Filtering the list again, you remove anyone who works in a single role at least 90% of the time. After this step, only three employees remain on your list:

 ["Jaleel Graham", [["Billing", 50], ["Receptionists", 18]]],
 ["Caesar Goldner", [["Management", 30], ["Receptionists", 16]]],
 ["Kirstin Weissnat", [["Receptionists", 26], ["Assistants", 28]]]]]]]

Because these employees represent only about 5% of the total staff, you’ve revealed this problem as an edge case. For the other six employees that substitute for a different role once in a blue moon, you’d have at least 90% accuracy by always labeling them by their primary role. It’d be confusing to refer to them as anything else, at least for the purposes of vacation planning.

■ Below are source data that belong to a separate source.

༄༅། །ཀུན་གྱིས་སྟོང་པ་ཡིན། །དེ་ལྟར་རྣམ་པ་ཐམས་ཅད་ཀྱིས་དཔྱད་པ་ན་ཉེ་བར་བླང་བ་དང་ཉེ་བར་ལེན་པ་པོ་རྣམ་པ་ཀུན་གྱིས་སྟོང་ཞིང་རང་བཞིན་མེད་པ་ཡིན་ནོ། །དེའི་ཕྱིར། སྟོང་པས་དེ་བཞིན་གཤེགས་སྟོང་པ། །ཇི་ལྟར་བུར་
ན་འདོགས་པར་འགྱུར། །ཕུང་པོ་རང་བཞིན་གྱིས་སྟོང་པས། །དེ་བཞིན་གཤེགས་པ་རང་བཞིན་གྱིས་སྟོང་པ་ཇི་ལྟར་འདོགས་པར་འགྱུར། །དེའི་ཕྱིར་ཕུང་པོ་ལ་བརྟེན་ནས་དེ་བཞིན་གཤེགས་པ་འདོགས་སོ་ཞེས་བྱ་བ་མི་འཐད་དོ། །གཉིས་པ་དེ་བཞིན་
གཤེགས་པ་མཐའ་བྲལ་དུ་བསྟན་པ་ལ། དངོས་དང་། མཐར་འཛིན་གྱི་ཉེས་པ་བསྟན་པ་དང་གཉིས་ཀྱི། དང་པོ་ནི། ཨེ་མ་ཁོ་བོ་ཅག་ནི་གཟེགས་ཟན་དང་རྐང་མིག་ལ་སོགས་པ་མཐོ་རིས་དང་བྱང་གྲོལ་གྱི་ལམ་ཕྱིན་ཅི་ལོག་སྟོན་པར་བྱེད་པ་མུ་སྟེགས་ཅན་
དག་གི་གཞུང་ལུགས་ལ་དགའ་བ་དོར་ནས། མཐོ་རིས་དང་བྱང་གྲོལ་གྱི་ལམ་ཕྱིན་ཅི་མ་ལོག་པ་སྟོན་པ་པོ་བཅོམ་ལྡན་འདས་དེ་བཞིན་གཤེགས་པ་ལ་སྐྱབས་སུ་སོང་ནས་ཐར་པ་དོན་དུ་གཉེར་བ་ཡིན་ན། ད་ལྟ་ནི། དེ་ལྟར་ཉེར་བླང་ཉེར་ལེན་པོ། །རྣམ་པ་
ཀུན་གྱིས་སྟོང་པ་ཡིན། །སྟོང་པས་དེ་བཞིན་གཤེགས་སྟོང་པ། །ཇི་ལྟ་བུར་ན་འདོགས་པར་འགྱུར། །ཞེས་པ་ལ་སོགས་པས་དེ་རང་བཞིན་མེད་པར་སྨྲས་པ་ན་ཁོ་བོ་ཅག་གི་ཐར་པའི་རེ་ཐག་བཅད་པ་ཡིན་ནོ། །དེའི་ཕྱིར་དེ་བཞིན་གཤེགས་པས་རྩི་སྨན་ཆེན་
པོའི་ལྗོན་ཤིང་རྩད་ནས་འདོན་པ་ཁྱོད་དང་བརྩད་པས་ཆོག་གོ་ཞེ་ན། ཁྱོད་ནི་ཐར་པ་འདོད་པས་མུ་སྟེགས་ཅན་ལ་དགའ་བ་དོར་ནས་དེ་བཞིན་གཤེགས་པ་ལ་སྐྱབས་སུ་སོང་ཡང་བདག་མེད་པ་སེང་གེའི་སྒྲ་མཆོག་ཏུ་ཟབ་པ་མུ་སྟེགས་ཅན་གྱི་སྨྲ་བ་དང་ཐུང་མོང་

In the process of this ad-hoc exploration, you’ve discovered a reasonably accurate method of predicting employee roles far out into the future: if at least 90% of the shifts they’re assigned are for a particular role, assume that is their primary role. Otherwise, label them as cross-trained, listing out all the roles they commonly fill in for. For example, Jaleel could be listed as “X-Trained (Billing, Receptionist)”, Kirsten as “X-Trained (Receptionist, Assistant)”, and Caesar as “X-Trained (Receptionist, Management)”.

Taking this approach will be at least as reliable as using the raw shift data, and requires no major technical changes to the system’s under-plumbing. It’s also dynamic, in the sense that the system will adaptively relabel employees as cross trained when they’re doing more than one role on a regular basis.

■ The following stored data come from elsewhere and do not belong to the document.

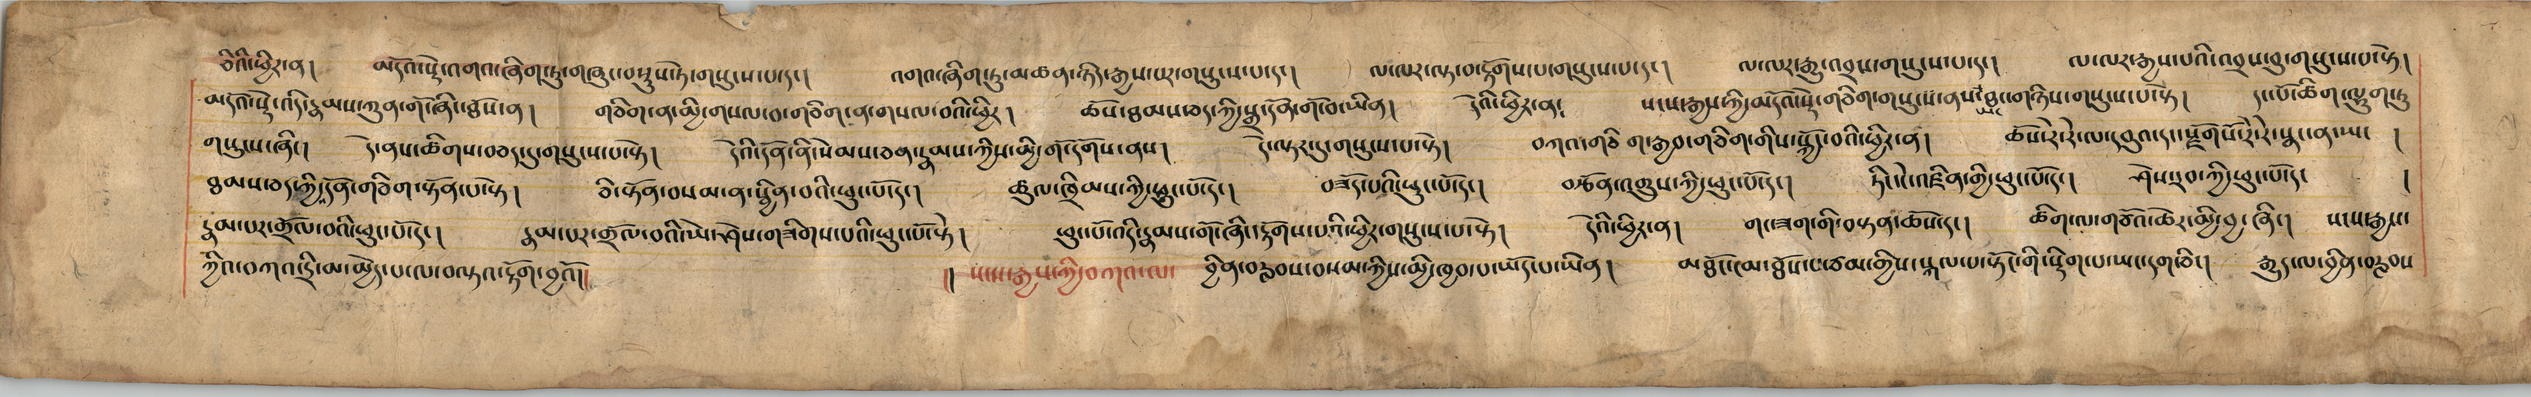ཅིའི་ཕྱིར་ན། མདོའ་སྡེ་འགའ་ཞིག་ཏུ་གཞུང་བསྡུས་ཏེ་གསུངས་པ་དང། འགའ་ཞིག་ཏུ་མཚན་ཉིད་རྒྱས་པར་གསུངས་པ་དང། ལ་ལར་ལྟ་བ་རྟོགས་པ་གསུངས་པ་དང། ལ་ལར་རྒྱུ་འབྲས་གསུངས་པ་དང། ལ་ལར་རྒྱས་པའི་འབྲས་བུ་གསུངས་པ་སྟེ།
མདོའ་སྡེ་འདི་རྣམས་ཀུན་གོ་ཞིང་ཐོས་ན། གཅིག་ན་མྱི་གསལ་བ་གཅིག་ན་གསལ་བའི་ཕྱིར། ཆོས་ཐམས་ཅད་ཀྱི་སྒྲ་དོན་གོ་བ་ཡིན། དེའི་ཕྱིར་ན། སངས་རྒྱས་ཀྱི་མདོའ་སྡེ་གཅིག་གསུངས་ནས་ཐང་གཉིས་གསུངས་པ་སྟེ། དང་པོ་ཚིག་ལྷུག་ཏུ
གསུངས་ཞིང། དེ་ནས་ཚིགས་བཅད་དུ་གསུངས་པ་སྟེ། དེའི་དོན་ནི་སེམས་ཅན་རྣམས་ཀྱིས་མྱི་གོ་དགོས་ནས། དེ་ལྟར་དུ་གསུངས་པ་སྟེ། བཀའ་གཅིག་རྒྱབ་གཅིག་གིས་སྐྱོ་བའི་ཕྱིར་ན། ཆོས་རེ་རེ་ལ་དབུའ་དང་སྫོགསོ་རེ་ེར་སྣང་ན་ཡང །
ཐམས་ཅད་ཀྱི་དོན་གཅིག་སྟོན་པ་སྟེ། ཅི་སྟོན་བསམ་ན་སྦྱིན་བའི་ཕུང་པོ་དང། ཚུལ་ཁྲིམས་ཀྱི་ཕུང་པོ་དང། བཟོད་པའི་ཕུང་པོ་དང། བརྩོན་འགྲུས་ཀྱི་ཕུང་པོ་དང། ཏིང་ངེ་འཛིན་གྱི་ཕུང་པོ་དང། ཤེས་རབ་ཀྱི་ཕུང་པོ་དང
རྣམ་པར་གྲོལ་བའི་ཕུང་པོ་དང། རྣམ་པར་གྲོལ་བའི་ཡེ་ཤེས་གཟིགས་པའི་ཕུང་པོ་སྟེ། ཕུང་པོ་འདི་རྣམས་གོ་ཞིང་རྟོགས་པའི་ཕྱིར་གསུངས་པ་སྟེ། དེའི་ཕྱིར་ན། གང་ཟག་གི་བསྟན་ཆོས་དང། ཚིག་ལ་གཙོའ་ཆེར་མྱི་བྱ་ཞིང། སངས་རྒྱས་
ཀྱིའ་བཀའ་དྲི་མ་མྱེད་པ་ལ་བལྟའ་རྟོག་བྱའོ།། །། སངས་རྒྱས་ཀྱི་བཀའ་ལ་ བྱིན་བརླབས་བསམ་ཀྱིས་མྱི་ཁྱབ་པ་ཡོད་པ་ཡིན། མཐོང་ངམ་ཐོས་པ་ཙམ་གྱིས་སྐལ་པ་སྟོང་གི་སྡིག་པ་ཡང་དག་ཅིང། རྒྱུད་ལ་བྱིན་བརླབས

Happy with this re-evaluation of the problem, you start working, and you manage to get the feature into production before lunch after all. In the worst case scenario, you can always come back to this and do more careful analysis, peering into the technological and philosophical rabbit hole that made you nervous in the first place. But there’s a very good chance that this solution will work just fine, and so it’s worth trying it out before venturing out into the darkness.

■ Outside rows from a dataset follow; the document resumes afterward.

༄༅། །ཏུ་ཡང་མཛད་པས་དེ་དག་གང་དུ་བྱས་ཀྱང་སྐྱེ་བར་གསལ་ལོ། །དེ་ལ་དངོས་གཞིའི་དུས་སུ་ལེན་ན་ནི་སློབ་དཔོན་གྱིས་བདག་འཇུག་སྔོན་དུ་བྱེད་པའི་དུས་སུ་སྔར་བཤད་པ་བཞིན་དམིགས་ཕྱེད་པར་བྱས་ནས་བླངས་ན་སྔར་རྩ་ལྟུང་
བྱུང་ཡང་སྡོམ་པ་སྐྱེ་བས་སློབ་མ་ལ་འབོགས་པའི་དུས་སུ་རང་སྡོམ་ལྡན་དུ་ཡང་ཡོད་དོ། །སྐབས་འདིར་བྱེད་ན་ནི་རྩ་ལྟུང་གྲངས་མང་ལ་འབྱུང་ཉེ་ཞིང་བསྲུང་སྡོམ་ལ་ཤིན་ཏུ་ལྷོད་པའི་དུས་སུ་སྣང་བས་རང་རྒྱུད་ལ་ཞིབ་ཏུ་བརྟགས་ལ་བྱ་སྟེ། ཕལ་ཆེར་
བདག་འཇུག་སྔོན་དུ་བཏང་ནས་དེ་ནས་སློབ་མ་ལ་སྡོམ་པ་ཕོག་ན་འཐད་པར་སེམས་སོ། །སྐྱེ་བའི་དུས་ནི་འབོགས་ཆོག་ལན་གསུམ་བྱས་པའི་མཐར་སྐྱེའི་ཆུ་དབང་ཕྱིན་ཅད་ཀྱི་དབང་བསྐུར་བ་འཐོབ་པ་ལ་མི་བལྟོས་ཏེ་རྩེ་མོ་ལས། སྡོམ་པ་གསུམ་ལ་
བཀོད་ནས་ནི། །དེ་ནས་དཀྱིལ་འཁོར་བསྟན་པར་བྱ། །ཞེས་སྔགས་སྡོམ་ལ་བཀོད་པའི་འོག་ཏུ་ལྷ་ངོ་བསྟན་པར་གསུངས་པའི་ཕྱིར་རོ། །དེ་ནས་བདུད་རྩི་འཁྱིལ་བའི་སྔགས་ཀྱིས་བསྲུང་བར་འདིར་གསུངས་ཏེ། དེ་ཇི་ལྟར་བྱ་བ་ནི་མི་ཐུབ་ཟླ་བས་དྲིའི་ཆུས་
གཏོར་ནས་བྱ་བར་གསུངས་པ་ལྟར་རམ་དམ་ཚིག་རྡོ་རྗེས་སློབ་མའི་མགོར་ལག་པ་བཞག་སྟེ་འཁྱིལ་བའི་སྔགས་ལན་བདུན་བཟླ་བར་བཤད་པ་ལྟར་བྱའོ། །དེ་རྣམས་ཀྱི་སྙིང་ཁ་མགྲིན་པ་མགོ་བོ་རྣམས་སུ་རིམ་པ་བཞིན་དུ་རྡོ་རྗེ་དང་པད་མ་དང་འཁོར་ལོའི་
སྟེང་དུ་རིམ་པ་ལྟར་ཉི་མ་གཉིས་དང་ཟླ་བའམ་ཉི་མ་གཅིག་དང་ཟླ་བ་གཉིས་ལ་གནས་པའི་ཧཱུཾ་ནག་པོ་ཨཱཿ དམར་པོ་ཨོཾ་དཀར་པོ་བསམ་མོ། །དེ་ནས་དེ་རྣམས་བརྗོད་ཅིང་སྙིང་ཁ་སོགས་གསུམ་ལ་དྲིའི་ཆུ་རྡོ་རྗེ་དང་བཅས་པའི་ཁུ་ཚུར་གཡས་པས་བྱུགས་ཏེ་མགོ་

From this small exercise, you come to a powerful realization:

Software isn’t mathematically perfect reality, it’s a useful fiction meant to capture some aspect of reality that is interesting or important to humans. Although our technical biases may aim for logical purity in the code we write, the humans that use our work mainly care about the story we’re trying to tell them. We should seek the most simple solutions that allow us to tell that story, even if those solutions lack technical elegance.

In other words, feel free to ignore the man behind the curtain.